You now have a production-capable multi-agent system. You can:

Create specialized agents with distinct roles
Register tools for agents to call
Coordinate 3-5 agents in GroupChat
Handle failures and human approvals
Monitor costs and prevent runaway loops

The AI agent market reached $7.6B in 2025, with 79% of organizations adopting AI agents. 93% of business leaders believe AI agents give a competitive edge. The difference between successful deployments and failures is rarely the LLM—it's agent orchestration. AutoGen handles that orchestration well.
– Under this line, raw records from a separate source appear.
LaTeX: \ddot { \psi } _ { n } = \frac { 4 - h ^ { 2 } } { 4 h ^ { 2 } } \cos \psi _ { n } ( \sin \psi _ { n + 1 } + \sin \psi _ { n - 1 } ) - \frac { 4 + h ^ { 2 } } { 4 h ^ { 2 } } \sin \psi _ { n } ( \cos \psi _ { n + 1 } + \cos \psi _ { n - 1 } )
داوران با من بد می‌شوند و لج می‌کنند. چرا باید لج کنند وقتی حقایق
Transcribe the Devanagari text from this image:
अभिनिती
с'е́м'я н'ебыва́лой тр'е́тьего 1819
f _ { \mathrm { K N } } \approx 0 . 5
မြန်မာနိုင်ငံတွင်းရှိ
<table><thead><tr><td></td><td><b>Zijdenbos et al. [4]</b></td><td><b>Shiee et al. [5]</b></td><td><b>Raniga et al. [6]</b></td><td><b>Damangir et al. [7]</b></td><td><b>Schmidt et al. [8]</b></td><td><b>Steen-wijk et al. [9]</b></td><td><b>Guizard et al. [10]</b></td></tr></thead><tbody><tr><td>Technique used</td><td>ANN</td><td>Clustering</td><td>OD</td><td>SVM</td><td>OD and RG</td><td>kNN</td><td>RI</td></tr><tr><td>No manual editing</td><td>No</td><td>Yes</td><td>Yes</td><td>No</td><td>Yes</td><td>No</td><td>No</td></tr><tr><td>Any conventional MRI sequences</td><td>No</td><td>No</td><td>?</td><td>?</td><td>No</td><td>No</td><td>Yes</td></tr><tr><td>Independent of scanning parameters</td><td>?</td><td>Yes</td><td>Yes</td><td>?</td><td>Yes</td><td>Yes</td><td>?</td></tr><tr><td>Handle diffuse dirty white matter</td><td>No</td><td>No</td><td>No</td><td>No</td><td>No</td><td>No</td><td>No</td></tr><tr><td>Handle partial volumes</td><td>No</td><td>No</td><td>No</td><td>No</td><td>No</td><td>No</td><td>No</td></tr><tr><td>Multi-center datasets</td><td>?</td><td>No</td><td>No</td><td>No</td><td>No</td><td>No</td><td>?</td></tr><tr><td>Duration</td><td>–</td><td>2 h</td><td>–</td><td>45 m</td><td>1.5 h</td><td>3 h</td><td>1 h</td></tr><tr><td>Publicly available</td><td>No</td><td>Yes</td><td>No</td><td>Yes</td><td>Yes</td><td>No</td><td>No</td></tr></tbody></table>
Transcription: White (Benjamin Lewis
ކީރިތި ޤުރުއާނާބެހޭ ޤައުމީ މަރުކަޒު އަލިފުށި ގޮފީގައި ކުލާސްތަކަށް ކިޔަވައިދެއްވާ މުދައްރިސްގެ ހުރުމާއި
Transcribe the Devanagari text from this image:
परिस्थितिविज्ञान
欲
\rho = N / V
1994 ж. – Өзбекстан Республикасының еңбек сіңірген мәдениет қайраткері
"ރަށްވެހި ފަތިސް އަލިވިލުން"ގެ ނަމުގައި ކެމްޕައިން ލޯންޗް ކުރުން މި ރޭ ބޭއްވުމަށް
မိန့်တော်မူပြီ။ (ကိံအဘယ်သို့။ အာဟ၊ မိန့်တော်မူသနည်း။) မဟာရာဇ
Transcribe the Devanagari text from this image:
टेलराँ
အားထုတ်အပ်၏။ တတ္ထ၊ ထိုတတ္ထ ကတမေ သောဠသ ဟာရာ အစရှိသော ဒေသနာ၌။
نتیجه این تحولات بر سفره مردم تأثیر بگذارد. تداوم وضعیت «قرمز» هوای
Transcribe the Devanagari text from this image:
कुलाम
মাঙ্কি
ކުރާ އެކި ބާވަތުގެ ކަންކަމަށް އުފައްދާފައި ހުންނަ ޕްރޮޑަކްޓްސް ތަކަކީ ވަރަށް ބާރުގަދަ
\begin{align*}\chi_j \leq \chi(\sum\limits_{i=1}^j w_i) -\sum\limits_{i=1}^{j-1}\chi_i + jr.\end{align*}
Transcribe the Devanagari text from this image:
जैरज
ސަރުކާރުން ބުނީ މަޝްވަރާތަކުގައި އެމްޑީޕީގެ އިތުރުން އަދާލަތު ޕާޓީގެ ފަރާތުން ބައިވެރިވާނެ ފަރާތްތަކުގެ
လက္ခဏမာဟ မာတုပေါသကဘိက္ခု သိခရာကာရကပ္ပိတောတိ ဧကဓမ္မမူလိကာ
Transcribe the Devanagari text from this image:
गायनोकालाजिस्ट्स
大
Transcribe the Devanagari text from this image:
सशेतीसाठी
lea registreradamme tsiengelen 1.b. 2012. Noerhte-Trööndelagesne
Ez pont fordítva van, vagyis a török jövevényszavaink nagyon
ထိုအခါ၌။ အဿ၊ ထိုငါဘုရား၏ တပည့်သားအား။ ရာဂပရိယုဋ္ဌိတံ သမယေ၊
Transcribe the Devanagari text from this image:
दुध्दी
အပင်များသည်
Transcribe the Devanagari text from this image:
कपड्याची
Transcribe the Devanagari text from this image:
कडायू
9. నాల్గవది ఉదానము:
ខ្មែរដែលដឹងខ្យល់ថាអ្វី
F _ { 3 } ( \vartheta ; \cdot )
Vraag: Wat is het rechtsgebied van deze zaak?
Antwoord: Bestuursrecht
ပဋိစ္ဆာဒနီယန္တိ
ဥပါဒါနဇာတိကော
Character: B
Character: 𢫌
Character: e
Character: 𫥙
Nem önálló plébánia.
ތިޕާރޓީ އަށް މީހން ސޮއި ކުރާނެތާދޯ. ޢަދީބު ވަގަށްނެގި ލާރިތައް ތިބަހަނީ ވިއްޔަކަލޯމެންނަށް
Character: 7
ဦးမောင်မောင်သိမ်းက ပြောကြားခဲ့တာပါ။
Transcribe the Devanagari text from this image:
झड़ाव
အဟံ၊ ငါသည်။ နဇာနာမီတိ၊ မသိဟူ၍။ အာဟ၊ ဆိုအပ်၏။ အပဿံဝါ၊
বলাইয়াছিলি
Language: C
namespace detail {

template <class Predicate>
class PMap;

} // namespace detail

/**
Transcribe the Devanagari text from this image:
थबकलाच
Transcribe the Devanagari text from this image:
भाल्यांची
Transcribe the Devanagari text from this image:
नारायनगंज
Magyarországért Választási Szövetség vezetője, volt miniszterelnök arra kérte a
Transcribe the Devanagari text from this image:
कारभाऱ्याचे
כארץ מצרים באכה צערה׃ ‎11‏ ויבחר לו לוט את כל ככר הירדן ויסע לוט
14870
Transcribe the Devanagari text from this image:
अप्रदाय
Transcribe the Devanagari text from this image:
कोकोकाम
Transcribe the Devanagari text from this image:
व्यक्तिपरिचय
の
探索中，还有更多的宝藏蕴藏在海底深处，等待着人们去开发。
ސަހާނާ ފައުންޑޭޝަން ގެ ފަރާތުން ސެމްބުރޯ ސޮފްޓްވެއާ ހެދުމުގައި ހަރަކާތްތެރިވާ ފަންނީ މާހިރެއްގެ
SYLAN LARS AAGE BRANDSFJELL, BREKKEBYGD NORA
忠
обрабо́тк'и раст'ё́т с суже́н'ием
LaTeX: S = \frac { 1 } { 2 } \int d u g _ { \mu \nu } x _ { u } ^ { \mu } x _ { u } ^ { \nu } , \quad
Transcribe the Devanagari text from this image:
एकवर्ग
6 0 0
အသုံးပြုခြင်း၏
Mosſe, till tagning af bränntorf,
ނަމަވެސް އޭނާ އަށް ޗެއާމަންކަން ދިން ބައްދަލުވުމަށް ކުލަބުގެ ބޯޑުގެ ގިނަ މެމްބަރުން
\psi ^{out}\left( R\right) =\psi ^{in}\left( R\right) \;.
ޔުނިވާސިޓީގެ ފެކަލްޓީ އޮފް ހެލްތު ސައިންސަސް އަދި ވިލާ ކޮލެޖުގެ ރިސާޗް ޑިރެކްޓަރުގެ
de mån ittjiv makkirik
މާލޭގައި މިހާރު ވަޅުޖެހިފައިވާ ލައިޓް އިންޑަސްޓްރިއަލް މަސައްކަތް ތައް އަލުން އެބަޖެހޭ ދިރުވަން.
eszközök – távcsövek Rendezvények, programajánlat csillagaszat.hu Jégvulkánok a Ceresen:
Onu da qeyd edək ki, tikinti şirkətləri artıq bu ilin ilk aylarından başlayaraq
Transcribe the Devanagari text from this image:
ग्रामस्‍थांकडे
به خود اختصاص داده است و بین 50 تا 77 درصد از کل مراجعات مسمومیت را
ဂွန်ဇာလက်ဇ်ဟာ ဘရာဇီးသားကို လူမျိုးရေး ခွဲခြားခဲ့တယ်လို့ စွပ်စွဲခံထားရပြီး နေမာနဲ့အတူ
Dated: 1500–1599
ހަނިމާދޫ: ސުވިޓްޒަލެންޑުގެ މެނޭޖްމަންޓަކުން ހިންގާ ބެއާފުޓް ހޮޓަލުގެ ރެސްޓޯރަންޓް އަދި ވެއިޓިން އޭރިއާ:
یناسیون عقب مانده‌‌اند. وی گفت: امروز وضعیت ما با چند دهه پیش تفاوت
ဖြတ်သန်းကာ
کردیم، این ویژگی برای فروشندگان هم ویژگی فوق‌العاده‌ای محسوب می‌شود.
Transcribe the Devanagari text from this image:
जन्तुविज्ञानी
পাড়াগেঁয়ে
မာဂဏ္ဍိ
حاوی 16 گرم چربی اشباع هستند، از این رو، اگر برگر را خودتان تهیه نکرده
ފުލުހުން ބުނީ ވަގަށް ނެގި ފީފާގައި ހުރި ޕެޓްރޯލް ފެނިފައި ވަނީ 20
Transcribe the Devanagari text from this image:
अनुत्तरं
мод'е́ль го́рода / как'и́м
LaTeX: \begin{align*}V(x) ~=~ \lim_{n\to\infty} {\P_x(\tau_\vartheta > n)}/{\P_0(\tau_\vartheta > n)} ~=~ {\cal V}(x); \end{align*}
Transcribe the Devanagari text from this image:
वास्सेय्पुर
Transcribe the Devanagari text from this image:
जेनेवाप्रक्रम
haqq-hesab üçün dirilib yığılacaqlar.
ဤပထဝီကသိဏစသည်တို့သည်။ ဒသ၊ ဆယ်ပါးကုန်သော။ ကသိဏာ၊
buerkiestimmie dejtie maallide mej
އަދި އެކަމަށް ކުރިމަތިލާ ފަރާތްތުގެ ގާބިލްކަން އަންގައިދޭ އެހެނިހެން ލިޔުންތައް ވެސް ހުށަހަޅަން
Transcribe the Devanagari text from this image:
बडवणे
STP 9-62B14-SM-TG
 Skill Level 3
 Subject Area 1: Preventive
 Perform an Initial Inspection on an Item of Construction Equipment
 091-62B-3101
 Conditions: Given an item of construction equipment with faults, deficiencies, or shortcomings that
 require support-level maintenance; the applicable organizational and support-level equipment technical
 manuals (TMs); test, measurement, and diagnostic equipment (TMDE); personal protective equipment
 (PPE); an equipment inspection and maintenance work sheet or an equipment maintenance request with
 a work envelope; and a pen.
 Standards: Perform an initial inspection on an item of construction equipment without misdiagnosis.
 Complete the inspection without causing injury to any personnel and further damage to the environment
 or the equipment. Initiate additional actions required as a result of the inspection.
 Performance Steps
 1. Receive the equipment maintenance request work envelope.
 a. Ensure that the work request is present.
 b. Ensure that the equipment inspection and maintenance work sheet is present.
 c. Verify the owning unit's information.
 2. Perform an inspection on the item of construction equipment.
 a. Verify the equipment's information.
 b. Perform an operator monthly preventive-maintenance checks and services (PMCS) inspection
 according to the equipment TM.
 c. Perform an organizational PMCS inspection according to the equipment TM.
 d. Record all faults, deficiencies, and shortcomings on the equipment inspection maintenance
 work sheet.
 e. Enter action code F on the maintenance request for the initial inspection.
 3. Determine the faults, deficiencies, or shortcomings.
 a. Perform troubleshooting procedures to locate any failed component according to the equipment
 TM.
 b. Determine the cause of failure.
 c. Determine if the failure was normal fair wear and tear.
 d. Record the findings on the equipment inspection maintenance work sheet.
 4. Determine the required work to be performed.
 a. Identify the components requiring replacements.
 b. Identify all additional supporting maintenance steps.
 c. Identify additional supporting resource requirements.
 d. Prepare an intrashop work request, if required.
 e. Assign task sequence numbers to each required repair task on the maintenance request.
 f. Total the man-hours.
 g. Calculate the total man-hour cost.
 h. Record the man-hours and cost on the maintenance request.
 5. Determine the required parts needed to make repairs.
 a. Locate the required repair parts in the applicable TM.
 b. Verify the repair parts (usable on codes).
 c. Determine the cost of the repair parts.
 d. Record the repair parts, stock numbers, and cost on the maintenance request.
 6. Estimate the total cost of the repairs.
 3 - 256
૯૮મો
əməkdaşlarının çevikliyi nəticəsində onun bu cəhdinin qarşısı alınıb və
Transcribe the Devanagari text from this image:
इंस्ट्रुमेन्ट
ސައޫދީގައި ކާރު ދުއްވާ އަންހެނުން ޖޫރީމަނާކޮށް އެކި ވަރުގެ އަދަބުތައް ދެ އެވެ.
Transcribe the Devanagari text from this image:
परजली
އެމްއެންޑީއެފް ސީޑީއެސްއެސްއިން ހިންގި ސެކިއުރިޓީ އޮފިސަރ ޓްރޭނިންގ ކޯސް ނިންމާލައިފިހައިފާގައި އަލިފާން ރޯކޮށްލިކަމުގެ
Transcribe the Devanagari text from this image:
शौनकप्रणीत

For deeper patterns, see our complete guide to building AI agents and comparisons with LangChain and CrewAI.

Should I use AutoGen v0.4 or v0.3?

Use v0.4. It's newer, simpler, and the team has deprecated v0.3 support. v0.4 has better tool integration and reduced boilerplate. Migration from v0.3 requires updates to agent initialization, but it's worth it.

How do I prevent agents from running forever?

Set max_consecutive_auto_reply on agents and max_round on GroupChat. Both are hard stops. Also set human_input_mode="TERMINATE" on user proxies—the agent asks for confirmation before continuing.

Can AutoGen work with local models?

Yes. Configure any LLM via the config_list. Use Ollama or LM Studio for local inference. You'll sacrifice speed compared to cloud APIs, but you keep all data local. Recommended for sensitive workflows.

What's the typical cost for a multi-agent workflow?

A 5-agent GroupChat resolving in 8 rounds costs roughly $0.50-$2 with GPT-4 Turbo, depending on token usage. Caching cuts this 40-60% in development. For production, budget $0.10-$1 per task with proper limits and cheaper models like GPT-3.5 Turbo.